Stored data entries
_____

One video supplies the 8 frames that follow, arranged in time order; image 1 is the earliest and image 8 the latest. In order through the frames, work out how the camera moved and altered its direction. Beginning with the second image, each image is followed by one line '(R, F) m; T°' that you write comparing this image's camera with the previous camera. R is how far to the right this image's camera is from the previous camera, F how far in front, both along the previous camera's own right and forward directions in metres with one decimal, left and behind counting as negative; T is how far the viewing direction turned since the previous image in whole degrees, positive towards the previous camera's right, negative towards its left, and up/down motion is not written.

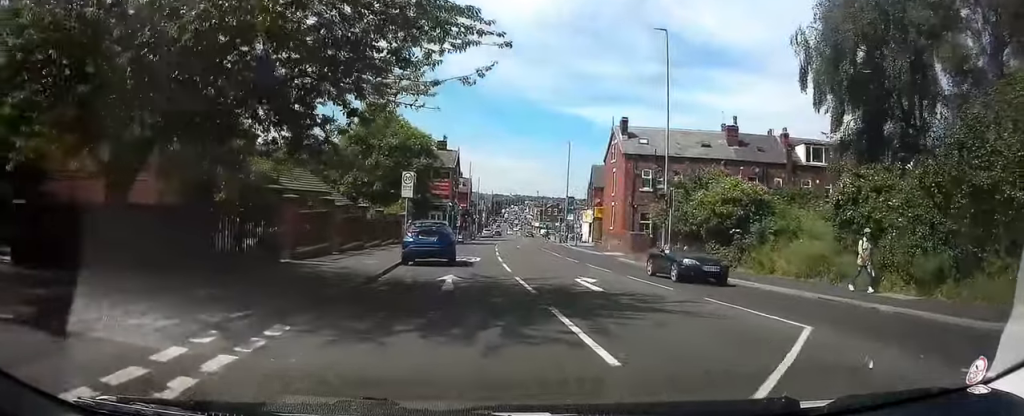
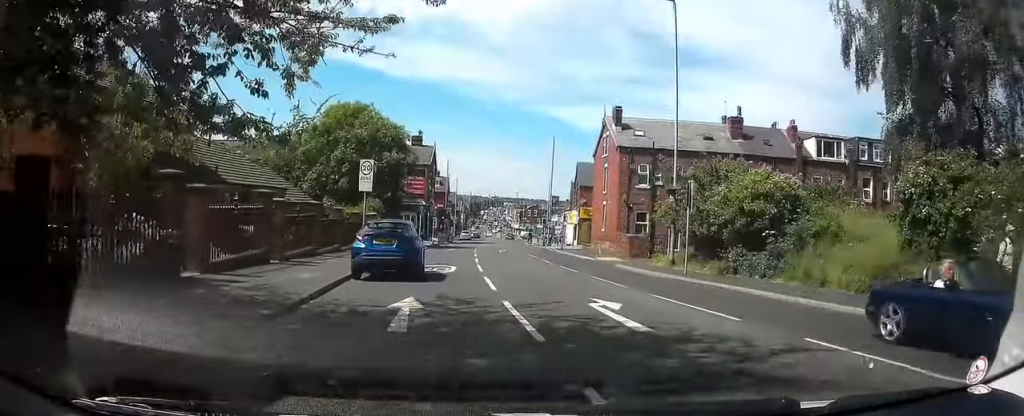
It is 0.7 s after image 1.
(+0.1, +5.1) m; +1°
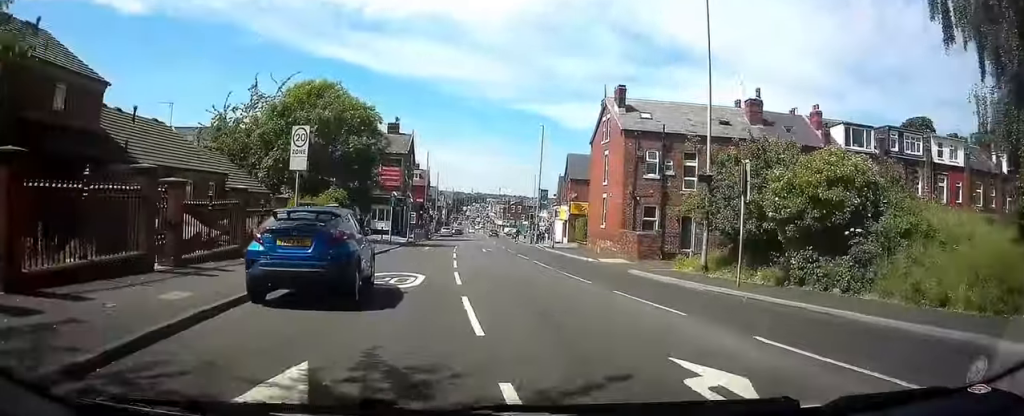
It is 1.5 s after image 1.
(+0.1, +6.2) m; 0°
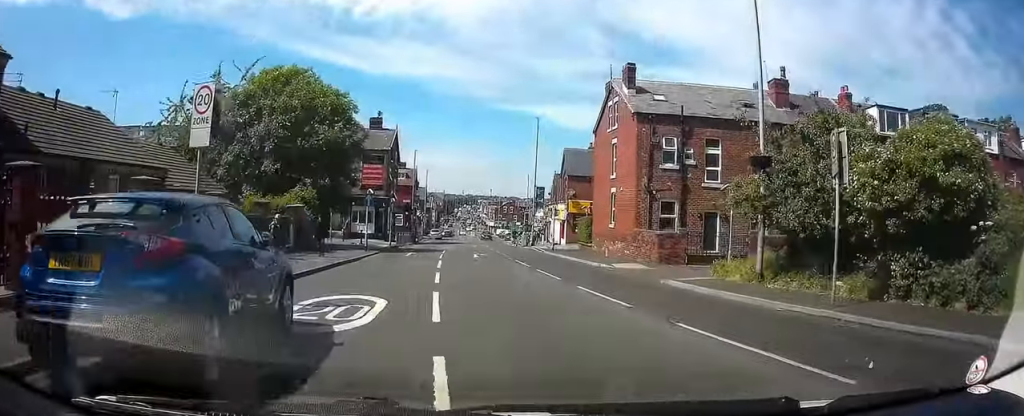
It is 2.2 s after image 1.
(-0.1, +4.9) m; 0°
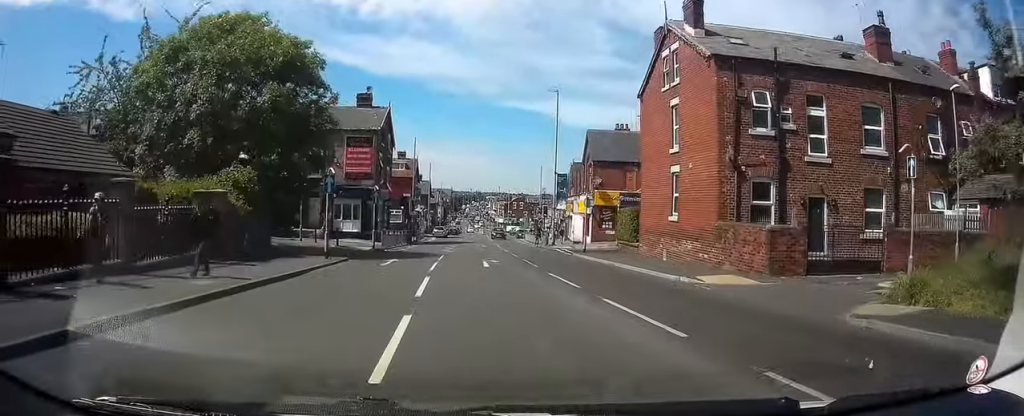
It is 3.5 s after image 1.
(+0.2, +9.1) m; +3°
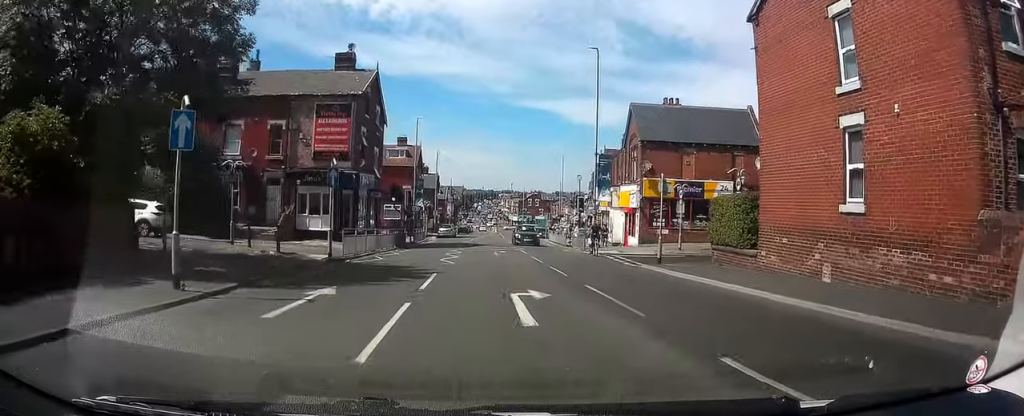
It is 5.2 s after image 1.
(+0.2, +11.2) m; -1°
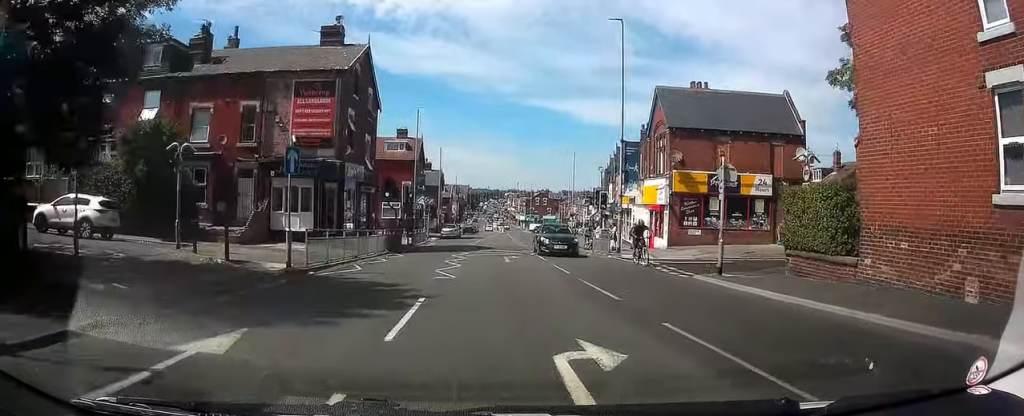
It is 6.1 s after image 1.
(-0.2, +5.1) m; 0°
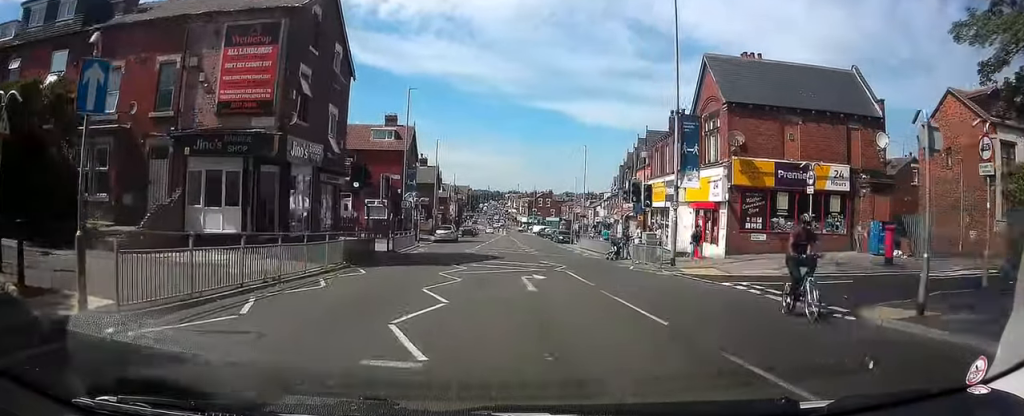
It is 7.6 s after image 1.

_____

Transcribe exactly the lines from the one containing "It is 5.2 s after image 1." through the last line of the records above, and nothing else. Leave out the pictures.

## [OUTPUT OF THE TASK]
It is 5.2 s after image 1.
(+0.2, +11.2) m; -1°
It is 6.1 s after image 1.
(-0.2, +5.1) m; 0°
It is 7.6 s after image 1.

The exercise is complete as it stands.